I was astonished to find that Tom Williams' speech was a catalogue of agricultural achievement over the previous 20 years. The speech mentioned, for example, that the average dairy cow in Britain in 1960 yielded 200 gallons of milk a year more than the average dairy cow 20 years earlier. The hon. Member for Cardigan (Mr. Howells) will be aware that in the 20 years that have elapsed since then further improvement has been achieved. As hon. Members will appreciate, that achievement does not depend entirely on the increased use of artificial fertiliser. I believe that the advance can be maintained. The advance has not been restricted to the United Kingdom. There has been a green revolution. Japan, a crowded island with little arable land, has managed to make itself self-sufficient in rice.

There is a danger in assuming that agricultural production can be maintained without limit. There is a danger that people will take a far too relaxed view about a problem to which several hon. Members have referred—the consumption of good agricultural land and the urbanising sprawl. If too complacent a view is taken of improved agricultural production, I suppose there is a danger that urban sprawl could be seen as more acceptable. That should be resisted.

My party does not wish to see a Britain fit only for speculators. We have to ensure that protection of the environment is maintained. None of us, I think, wishes to see a Britain that lacks the hedges that may have been the parish boundaries since Saxon times. None of us wishes to see the wealth of ancient woodland, so often threatened today, turned into a featureless sterility that will neither satisfy the British eye nor help us to maintain the tourist earnings that are so valuable. Natural habitat is essential. I should hate the only bird song in Britain to be that of the budgerigar in further urban development. We need to confer privilege and priority to food production, but not to make that priority absolute.

There are several reasons for urban sprawl. Urban renewal may be less attractive and less easy for the individual than removal to a rural scene. In some areas, such removal is far too easy to effect. Some local authorities are perhaps not as vigilant as they might be. I welcome, for this reason, the concern and the increasing attention that organisations and individuals who wish to protect the green belt are currently displaying. I appreciate the arguments of those who feel that land should be better safeguarded. One way of doing that would be to make development within towns more likely, but there may be severe restrictions on that worthwhile course as a result of reductions in the Government's housing investment programme. It would be desirable for them to review that policy.

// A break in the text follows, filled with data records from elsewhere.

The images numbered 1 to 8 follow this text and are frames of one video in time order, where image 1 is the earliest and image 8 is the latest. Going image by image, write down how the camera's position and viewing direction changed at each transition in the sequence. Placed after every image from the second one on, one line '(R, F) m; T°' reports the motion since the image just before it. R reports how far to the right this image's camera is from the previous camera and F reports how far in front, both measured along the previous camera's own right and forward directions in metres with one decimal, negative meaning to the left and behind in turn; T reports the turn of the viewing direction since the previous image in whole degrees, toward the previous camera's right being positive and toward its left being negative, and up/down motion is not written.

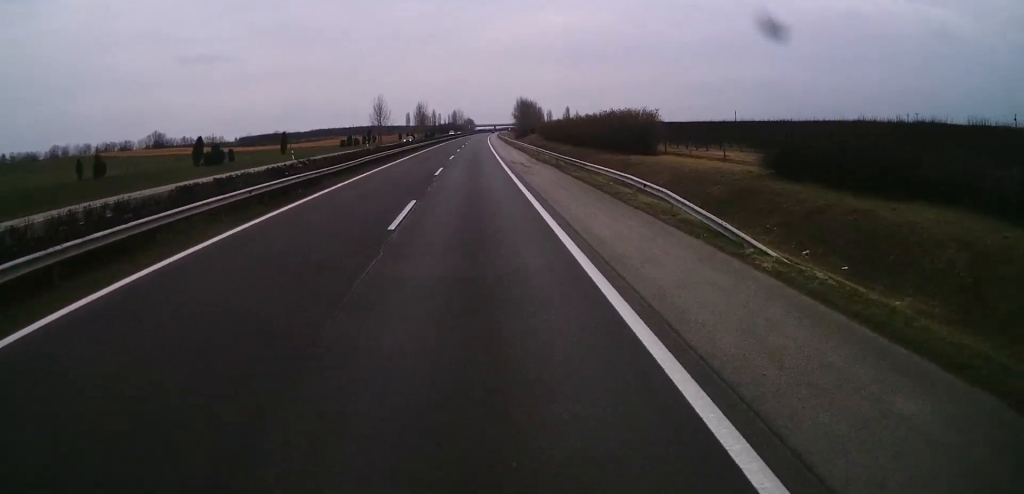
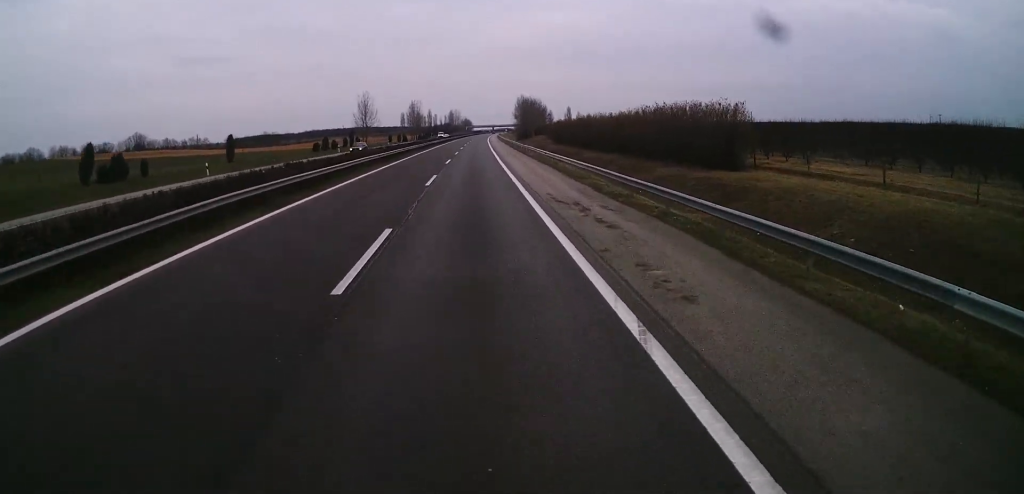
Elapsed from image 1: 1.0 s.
(+0.3, +23.9) m; +2°
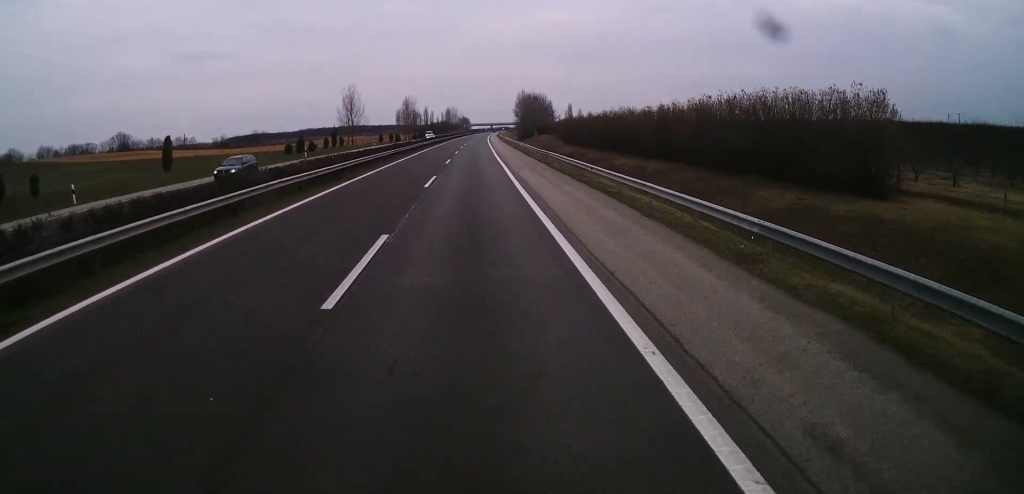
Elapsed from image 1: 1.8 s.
(+0.5, +18.5) m; +1°
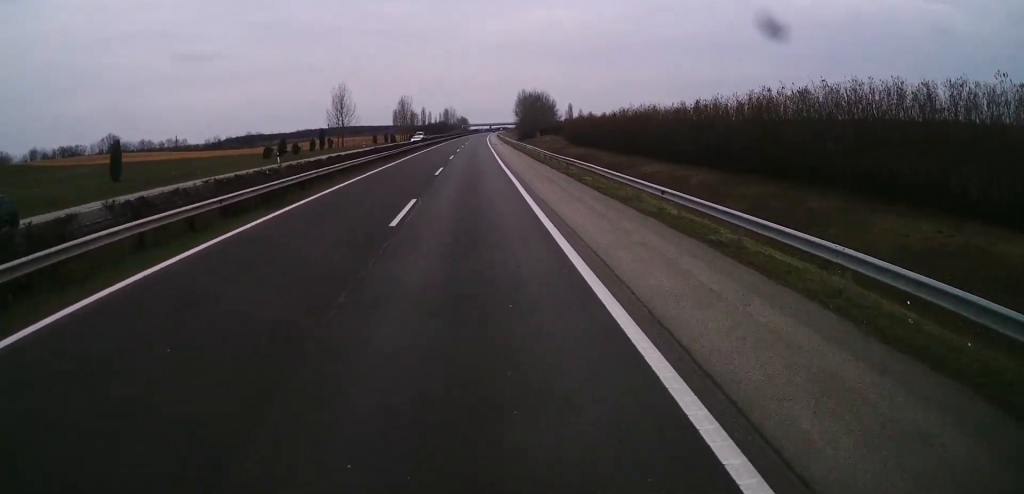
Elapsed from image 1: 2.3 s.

As the motion says, we need to protect land that provides a living, but I am sure that the hon. Member for Devon, North will agree that there are other areas that may not be fertile or provide much of a living, but on which thrive those aspects and items of our natural heritage that make life worth living for millions.

The Nature Conservancy Council regards it as essential that 2 per cent. of our land surface should be devoted to nature conservation. Sooner or later we shall have to recognise that perception, and ensure that such areas are secured and that such localities are recognised as serving a priority other than food production. We cannot expect to effect that change simply by making it obligatory upon individual farmers to safeguard the character of their holdings. Sooner or later, small commitments of public expenditure will be required and I recognise that, unfortunately, the Government will not regard that, or almost any other item of public expenditure, with favour.

Fortunately, there is enormous private commitment in these areas of concern, with a variety of voluntary interests and extensive individual involvement. Some of the agencies, such as County Naturalists Trust, are well aware of tourist potential and are serving that cause with vigour and imagination.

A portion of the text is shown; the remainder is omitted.